LIKE MOST authors, I endured years and years of people giving me The Look—you know, that mixture of pity and amusement that looks like constipation—whenever I mentioned being a writer. The Look, loosely translated, means gosh, is that why you look so malnourished and scurvyish, because of the poverty and the alcoholism? and wasn’t ever really all that far from the truth, at least up until 1997, when I finally discovered that whiskey does not, in fact, contain vitamins.

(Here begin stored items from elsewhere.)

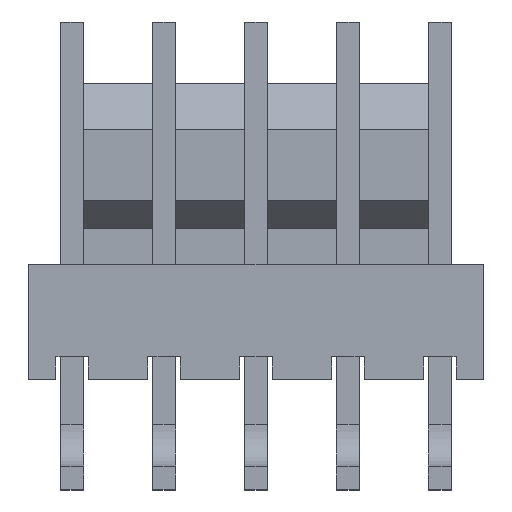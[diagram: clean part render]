
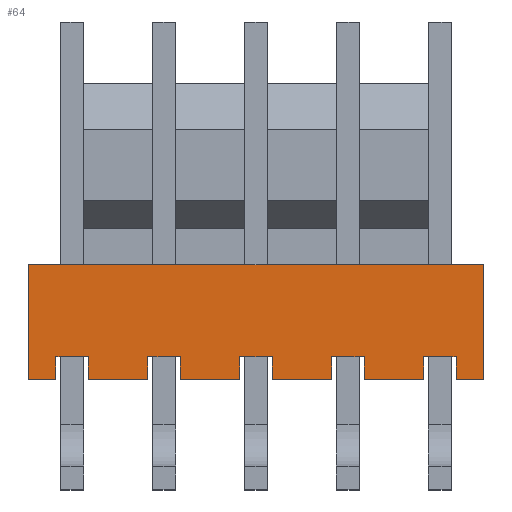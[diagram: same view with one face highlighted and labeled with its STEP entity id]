
A CAD part, top view. The second image highlights one B-rep face of the part: STEP entity #64.
In plain terms, the highlighted planar face has unit normal (0, 0, 1).
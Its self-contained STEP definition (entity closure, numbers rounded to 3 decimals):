
#64=ADVANCED_FACE('',(#190),#191,.T.);
#190=FACE_OUTER_BOUND('',#438,.T.);
#191=PLANE('',#439);
#438=EDGE_LOOP('',(#694,#695,#696,#697,#698,#699,#700,#701,#702,#703,#704,#705,#706,#707,#708,#709,#710,#711,#712,#713,#714,#715,#716,#717));
#439=AXIS2_PLACEMENT_3D('',#718,#719,#720);
#694=ORIENTED_EDGE('',*,*,#1634,.F.);
#695=ORIENTED_EDGE('',*,*,#1635,.F.);
#696=ORIENTED_EDGE('',*,*,#1636,.T.);
#697=ORIENTED_EDGE('',*,*,#1637,.F.);
#698=ORIENTED_EDGE('',*,*,#1638,.F.);
#699=ORIENTED_EDGE('',*,*,#1629,.T.);
#700=ORIENTED_EDGE('',*,*,#1639,.T.);
#701=ORIENTED_EDGE('',*,*,#1640,.T.);
#702=ORIENTED_EDGE('',*,*,#1641,.F.);
#703=ORIENTED_EDGE('',*,*,#1642,.F.);
#704=ORIENTED_EDGE('',*,*,#1643,.T.);
#705=ORIENTED_EDGE('',*,*,#1644,.T.);
#706=ORIENTED_EDGE('',*,*,#1645,.F.);
#707=ORIENTED_EDGE('',*,*,#1646,.F.);
#708=ORIENTED_EDGE('',*,*,#1647,.T.);
#709=ORIENTED_EDGE('',*,*,#1648,.T.);
#710=ORIENTED_EDGE('',*,*,#1649,.F.);
#711=ORIENTED_EDGE('',*,*,#1650,.F.);
#712=ORIENTED_EDGE('',*,*,#1651,.T.);
#713=ORIENTED_EDGE('',*,*,#1652,.T.);
#714=ORIENTED_EDGE('',*,*,#1653,.F.);
#715=ORIENTED_EDGE('',*,*,#1654,.F.);
#716=ORIENTED_EDGE('',*,*,#1655,.T.);
#717=ORIENTED_EDGE('',*,*,#1656,.T.);
#718=CARTESIAN_POINT('',(-6.274,1.588,3.175));
#719=DIRECTION('',(0.0,0.0,1.0));
#720=DIRECTION('',(1.0,0.0,0.0));
#1629=EDGE_CURVE('',#1954,#1958,#1960,.T.);
#1634=EDGE_CURVE('',#1969,#1970,#1971,.T.);
#1635=EDGE_CURVE('',#1972,#1969,#1973,.T.);
#1636=EDGE_CURVE('',#1972,#1974,#1975,.T.);
#1637=EDGE_CURVE('',#1976,#1974,#1977,.T.);
#1638=EDGE_CURVE('',#1954,#1976,#1978,.T.);
#1639=EDGE_CURVE('',#1958,#1979,#1980,.T.);
#1640=EDGE_CURVE('',#1979,#1981,#1982,.T.);
#1641=EDGE_CURVE('',#1983,#1981,#1984,.T.);
#1642=EDGE_CURVE('',#1985,#1983,#1986,.T.);
#1643=EDGE_CURVE('',#1985,#1987,#1988,.T.);
#1644=EDGE_CURVE('',#1987,#1989,#1990,.T.);
#1645=EDGE_CURVE('',#1991,#1989,#1992,.T.);
#1646=EDGE_CURVE('',#1993,#1991,#1994,.T.);
#1647=EDGE_CURVE('',#1993,#1995,#1996,.T.);
#1648=EDGE_CURVE('',#1995,#1997,#1998,.T.);
#1649=EDGE_CURVE('',#1999,#1997,#2000,.T.);
#1650=EDGE_CURVE('',#2001,#1999,#2002,.T.);
#1651=EDGE_CURVE('',#2001,#2003,#2004,.T.);
#1652=EDGE_CURVE('',#2003,#2005,#2006,.T.);
#1653=EDGE_CURVE('',#2007,#2005,#2008,.T.);
#1654=EDGE_CURVE('',#2009,#2007,#2010,.T.);
#1655=EDGE_CURVE('',#2009,#2011,#2012,.T.);
#1656=EDGE_CURVE('',#2011,#1970,#2013,.T.);
#1954=VERTEX_POINT('',#2449);
#1958=VERTEX_POINT('',#2455);
#1960=LINE('',#2458,#2459);
#1969=VERTEX_POINT('',#2472);
#1970=VERTEX_POINT('',#2473);
#1971=LINE('',#2474,#2475);
#1972=VERTEX_POINT('',#2476);
#1973=LINE('',#2477,#2478);
#1974=VERTEX_POINT('',#2479);
#1975=LINE('',#2480,#2481);
#1976=VERTEX_POINT('',#2482);
#1977=LINE('',#2483,#2484);
#1978=LINE('',#2485,#2486);
#1979=VERTEX_POINT('',#2487);
#1980=LINE('',#2488,#2489);
#1981=VERTEX_POINT('',#2490);
#1982=LINE('',#2491,#2492);
#1983=VERTEX_POINT('',#2493);
#1984=LINE('',#2494,#2495);
#1985=VERTEX_POINT('',#2496);
#1986=LINE('',#2497,#2498);
#1987=VERTEX_POINT('',#2499);
#1988=LINE('',#2500,#2501);
#1989=VERTEX_POINT('',#2502);
#1990=LINE('',#2503,#2504);
#1991=VERTEX_POINT('',#2505);
#1992=LINE('',#2506,#2507);
#1993=VERTEX_POINT('',#2508);
#1994=LINE('',#2509,#2510);
#1995=VERTEX_POINT('',#2511);
#1996=LINE('',#2512,#2513);
#1997=VERTEX_POINT('',#2514);
#1998=LINE('',#2515,#2516);
#1999=VERTEX_POINT('',#2517);
#2000=LINE('',#2518,#2519);
#2001=VERTEX_POINT('',#2520);
#2002=LINE('',#2521,#2522);
#2003=VERTEX_POINT('',#2523);
#2004=LINE('',#2524,#2525);
#2005=VERTEX_POINT('',#2526);
#2006=LINE('',#2527,#2528);
#2007=VERTEX_POINT('',#2529);
#2008=LINE('',#2530,#2531);
#2009=VERTEX_POINT('',#2532);
#2010=LINE('',#2533,#2534);
#2011=VERTEX_POINT('',#2535);
#2012=LINE('',#2536,#2537);
#2013=LINE('',#2538,#2539);
#2449=CARTESIAN_POINT('',(-6.274,1.588,3.175));
#2455=CARTESIAN_POINT('',(-6.274,-1.588,3.175));
#2458=CARTESIAN_POINT('',(-6.274,1.588,3.175));
#2459=VECTOR('',#3223,3.175);
#2472=CARTESIAN_POINT('',(5.525,-0.953,3.175));
#2473=CARTESIAN_POINT('',(4.636,-0.953,3.175));
#2474=CARTESIAN_POINT('',(5.525,-0.953,3.175));
#2475=VECTOR('',#3228,0.889);
#2476=CARTESIAN_POINT('',(5.525,-1.588,3.175));
#2477=CARTESIAN_POINT('',(5.525,-1.588,3.175));
#2478=VECTOR('',#3229,0.635);
#2479=CARTESIAN_POINT('',(6.274,-1.588,3.175));
#2480=CARTESIAN_POINT('',(5.525,-1.588,3.175));
#2481=VECTOR('',#3230,0.749);
#2482=CARTESIAN_POINT('',(6.274,1.588,3.175));
#2483=CARTESIAN_POINT('',(6.274,1.588,3.175));
#2484=VECTOR('',#3231,3.175);
#2485=CARTESIAN_POINT('',(-6.274,1.588,3.175));
#2486=VECTOR('',#3232,12.548);
#2487=CARTESIAN_POINT('',(-5.525,-1.588,3.175));
#2488=CARTESIAN_POINT('',(-6.274,-1.588,3.175));
#2489=VECTOR('',#3233,0.749);
#2490=CARTESIAN_POINT('',(-5.525,-0.953,3.175));
#2491=CARTESIAN_POINT('',(-5.525,-1.588,3.175));
#2492=VECTOR('',#3234,0.635);
#2493=CARTESIAN_POINT('',(-4.636,-0.953,3.175));
#2494=CARTESIAN_POINT('',(-4.636,-0.953,3.175));
#2495=VECTOR('',#3235,0.889);
#2496=CARTESIAN_POINT('',(-4.636,-1.588,3.175));
#2497=CARTESIAN_POINT('',(-4.636,-1.588,3.175));
#2498=VECTOR('',#3236,0.635);
#2499=CARTESIAN_POINT('',(-2.985,-1.588,3.175));
#2500=CARTESIAN_POINT('',(-4.636,-1.588,3.175));
#2501=VECTOR('',#3237,1.651);
#2502=CARTESIAN_POINT('',(-2.985,-0.953,3.175));
#2503=CARTESIAN_POINT('',(-2.985,-1.588,3.175));
#2504=VECTOR('',#3238,0.635);
#2505=CARTESIAN_POINT('',(-2.096,-0.953,3.175));
#2506=CARTESIAN_POINT('',(-2.096,-0.953,3.175));
#2507=VECTOR('',#3239,0.889);
#2508=CARTESIAN_POINT('',(-2.096,-1.588,3.175));
#2509=CARTESIAN_POINT('',(-2.096,-1.588,3.175));
#2510=VECTOR('',#3240,0.635);
#2511=CARTESIAN_POINT('',(-0.445,-1.588,3.175));
#2512=CARTESIAN_POINT('',(-2.096,-1.588,3.175));
#2513=VECTOR('',#3241,1.651);
#2514=CARTESIAN_POINT('',(-0.445,-0.953,3.175));
#2515=CARTESIAN_POINT('',(-0.445,-1.588,3.175));
#2516=VECTOR('',#3242,0.635);
#2517=CARTESIAN_POINT('',(0.445,-0.953,3.175));
#2518=CARTESIAN_POINT('',(0.445,-0.953,3.175));
#2519=VECTOR('',#3243,0.889);
#2520=CARTESIAN_POINT('',(0.445,-1.588,3.175));
#2521=CARTESIAN_POINT('',(0.445,-1.588,3.175));
#2522=VECTOR('',#3244,0.635);
#2523=CARTESIAN_POINT('',(2.096,-1.588,3.175));
#2524=CARTESIAN_POINT('',(0.445,-1.588,3.175));
#2525=VECTOR('',#3245,1.651);
#2526=CARTESIAN_POINT('',(2.096,-0.953,3.175));
#2527=CARTESIAN_POINT('',(2.096,-1.588,3.175));
#2528=VECTOR('',#3246,0.635);
#2529=CARTESIAN_POINT('',(2.985,-0.953,3.175));
#2530=CARTESIAN_POINT('',(2.985,-0.953,3.175));
#2531=VECTOR('',#3247,0.889);
#2532=CARTESIAN_POINT('',(2.985,-1.588,3.175));
#2533=CARTESIAN_POINT('',(2.985,-1.588,3.175));
#2534=VECTOR('',#3248,0.635);
#2535=CARTESIAN_POINT('',(4.636,-1.588,3.175));
#2536=CARTESIAN_POINT('',(2.985,-1.588,3.175));
#2537=VECTOR('',#3249,1.651);
#2538=CARTESIAN_POINT('',(4.636,-1.588,3.175));
#2539=VECTOR('',#3250,0.635);
#3223=DIRECTION('',(0.0,-1.0,0.0));
#3228=DIRECTION('',(-1.0,0.0,0.0));
#3229=DIRECTION('',(0.0,1.0,0.0));
#3230=DIRECTION('',(1.0,0.0,0.0));
#3231=DIRECTION('',(0.0,-1.0,0.0));
#3232=DIRECTION('',(1.0,0.0,0.0));
#3233=DIRECTION('',(1.0,0.0,0.0));
#3234=DIRECTION('',(0.0,1.0,0.0));
#3235=DIRECTION('',(-1.0,0.0,0.0));
#3236=DIRECTION('',(0.0,1.0,0.0));
#3237=DIRECTION('',(1.0,0.0,0.0));
#3238=DIRECTION('',(0.0,1.0,0.0));
#3239=DIRECTION('',(-1.0,0.0,0.0));
#3240=DIRECTION('',(0.0,1.0,0.0));
#3241=DIRECTION('',(1.0,0.0,0.0));
#3242=DIRECTION('',(0.0,1.0,0.0));
#3243=DIRECTION('',(-1.0,0.0,0.0));
#3244=DIRECTION('',(0.0,1.0,0.0));
#3245=DIRECTION('',(1.0,0.0,0.0));
#3246=DIRECTION('',(0.0,1.0,0.0));
#3247=DIRECTION('',(-1.0,0.0,0.0));
#3248=DIRECTION('',(0.0,1.0,0.0));
#3249=DIRECTION('',(1.0,0.0,0.0));
#3250=DIRECTION('',(0.0,1.0,0.0));

So, when I sold my second novel, The Electric Church, I had a rush of enthusiasm which inspired me to take a shower, cut my long, tangled hair, and wear pants for the first time in years. I also started creating a web site long before the book had even been copy-edited. I had the idea to create a ‘real’ web site for the eponymous church, and embedded some simple codes and puzzles into the pages using every old-fashioned HTML and javascript trick I could think of. When my publisher saw the final result, they decided it beat trying to come up with a web site themselves and hired a professional designer to create a nifty, candy-colored Flash site for it. They also suggested we take the puzzles to the next level and create a modest Alternate Reality Game (ARG) to make the site fun and promote the book.